Saved data entries
--------------------------------

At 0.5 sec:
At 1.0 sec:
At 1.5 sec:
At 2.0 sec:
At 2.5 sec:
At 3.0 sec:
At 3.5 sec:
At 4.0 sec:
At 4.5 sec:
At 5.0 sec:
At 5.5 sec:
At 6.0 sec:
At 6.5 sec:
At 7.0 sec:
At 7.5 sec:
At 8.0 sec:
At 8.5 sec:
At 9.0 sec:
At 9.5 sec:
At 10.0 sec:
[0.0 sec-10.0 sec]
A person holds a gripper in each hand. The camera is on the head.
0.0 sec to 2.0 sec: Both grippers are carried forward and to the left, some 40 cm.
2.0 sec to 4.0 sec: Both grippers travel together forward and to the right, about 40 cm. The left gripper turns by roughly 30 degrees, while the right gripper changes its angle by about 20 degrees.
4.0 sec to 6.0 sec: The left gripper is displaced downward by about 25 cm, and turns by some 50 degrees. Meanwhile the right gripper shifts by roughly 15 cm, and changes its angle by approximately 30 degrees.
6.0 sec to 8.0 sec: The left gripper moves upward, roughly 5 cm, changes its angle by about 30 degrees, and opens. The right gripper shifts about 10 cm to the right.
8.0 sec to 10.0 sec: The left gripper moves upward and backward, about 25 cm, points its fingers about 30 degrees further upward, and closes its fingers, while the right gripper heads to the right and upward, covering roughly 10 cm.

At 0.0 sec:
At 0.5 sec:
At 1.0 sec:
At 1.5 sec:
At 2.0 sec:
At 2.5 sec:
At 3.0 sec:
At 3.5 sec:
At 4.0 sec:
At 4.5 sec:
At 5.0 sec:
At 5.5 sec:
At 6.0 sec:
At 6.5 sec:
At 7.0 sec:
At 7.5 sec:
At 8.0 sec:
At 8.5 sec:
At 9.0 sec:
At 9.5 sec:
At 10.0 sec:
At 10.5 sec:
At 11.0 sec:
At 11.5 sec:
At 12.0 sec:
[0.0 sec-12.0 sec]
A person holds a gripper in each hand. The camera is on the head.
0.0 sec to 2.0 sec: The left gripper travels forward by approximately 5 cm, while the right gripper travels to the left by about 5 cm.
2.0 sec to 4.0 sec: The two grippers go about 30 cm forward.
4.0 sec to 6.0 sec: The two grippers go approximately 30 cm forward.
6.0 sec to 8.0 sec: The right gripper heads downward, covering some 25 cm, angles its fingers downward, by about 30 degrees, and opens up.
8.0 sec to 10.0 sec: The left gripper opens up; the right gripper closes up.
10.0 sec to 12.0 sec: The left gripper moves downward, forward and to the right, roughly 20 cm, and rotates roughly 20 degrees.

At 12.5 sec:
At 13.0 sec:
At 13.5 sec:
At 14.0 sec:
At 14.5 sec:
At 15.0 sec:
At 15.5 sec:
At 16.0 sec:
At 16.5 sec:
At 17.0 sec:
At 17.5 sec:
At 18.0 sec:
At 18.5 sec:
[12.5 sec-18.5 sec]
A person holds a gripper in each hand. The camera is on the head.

--------------------------------

◆ Assigned task
Every entry is to be repeated exactly as it stands.

◆ Solution for this exercise
At 0.5 sec:
At 1.0 sec:
At 1.5 sec:
At 2.0 sec:
At 2.5 sec:
At 3.0 sec:
At 3.5 sec:
At 4.0 sec:
At 4.5 sec:
At 5.0 sec:
At 5.5 sec:
At 6.0 sec:
At 6.5 sec:
At 7.0 sec:
At 7.5 sec:
At 8.0 sec:
At 8.5 sec:
At 9.0 sec:
At 9.5 sec:
At 10.0 sec:
[0.0 sec-10.0 sec]
A person holds a gripper in each hand. The camera is on the head.
0.0 sec to 2.0 sec: Both grippers are carried forward and to the left, some 40 cm.
2.0 sec to 4.0 sec: Both grippers travel together forward and to the right, about 40 cm. The left gripper turns by roughly 30 degrees, while the right gripper changes its angle by about 20 degrees.
4.0 sec to 6.0 sec: The left gripper is displaced downward by about 25 cm, and turns by some 50 degrees. Meanwhile the right gripper shifts by roughly 15 cm, and changes its angle by approximately 30 degrees.
6.0 sec to 8.0 sec: The left gripper moves upward, roughly 5 cm, changes its angle by about 30 degrees, and opens. The right gripper shifts about 10 cm to the right.
8.0 sec to 10.0 sec: The left gripper moves upward and backward, about 25 cm, points its fingers about 30 degrees further upward, and closes its fingers, while the right gripper heads to the right and upward, covering roughly 10 cm.

At 0.0 sec:
At 0.5 sec:
At 1.0 sec:
At 1.5 sec:
At 2.0 sec:
At 2.5 sec:
At 3.0 sec:
At 3.5 sec:
At 4.0 sec:
At 4.5 sec:
At 5.0 sec:
At 5.5 sec:
At 6.0 sec:
At 6.5 sec:
At 7.0 sec:
At 7.5 sec:
At 8.0 sec:
At 8.5 sec:
At 9.0 sec:
At 9.5 sec:
At 10.0 sec:
At 10.5 sec:
At 11.0 sec:
At 11.5 sec:
At 12.0 sec:
[0.0 sec-12.0 sec]
A person holds a gripper in each hand. The camera is on the head.
0.0 sec to 2.0 sec: The left gripper travels forward by approximately 5 cm, while the right gripper travels to the left by about 5 cm.
2.0 sec to 4.0 sec: The two grippers go about 30 cm forward.
4.0 sec to 6.0 sec: The two grippers go approximately 30 cm forward.
6.0 sec to 8.0 sec: The right gripper heads downward, covering some 25 cm, angles its fingers downward, by about 30 degrees, and opens up.
8.0 sec to 10.0 sec: The left gripper opens up; the right gripper closes up.
10.0 sec to 12.0 sec: The left gripper moves downward, forward and to the right, roughly 20 cm, and rotates roughly 20 degrees.

At 12.5 sec:
At 13.0 sec:
At 13.5 sec:
At 14.0 sec:
At 14.5 sec:
At 15.0 sec:
At 15.5 sec:
At 16.0 sec:
At 16.5 sec:
At 17.0 sec:
At 17.5 sec:
At 18.0 sec:
At 18.5 sec:
[12.5 sec-18.5 sec]
A person holds a gripper in each hand. The camera is on the head.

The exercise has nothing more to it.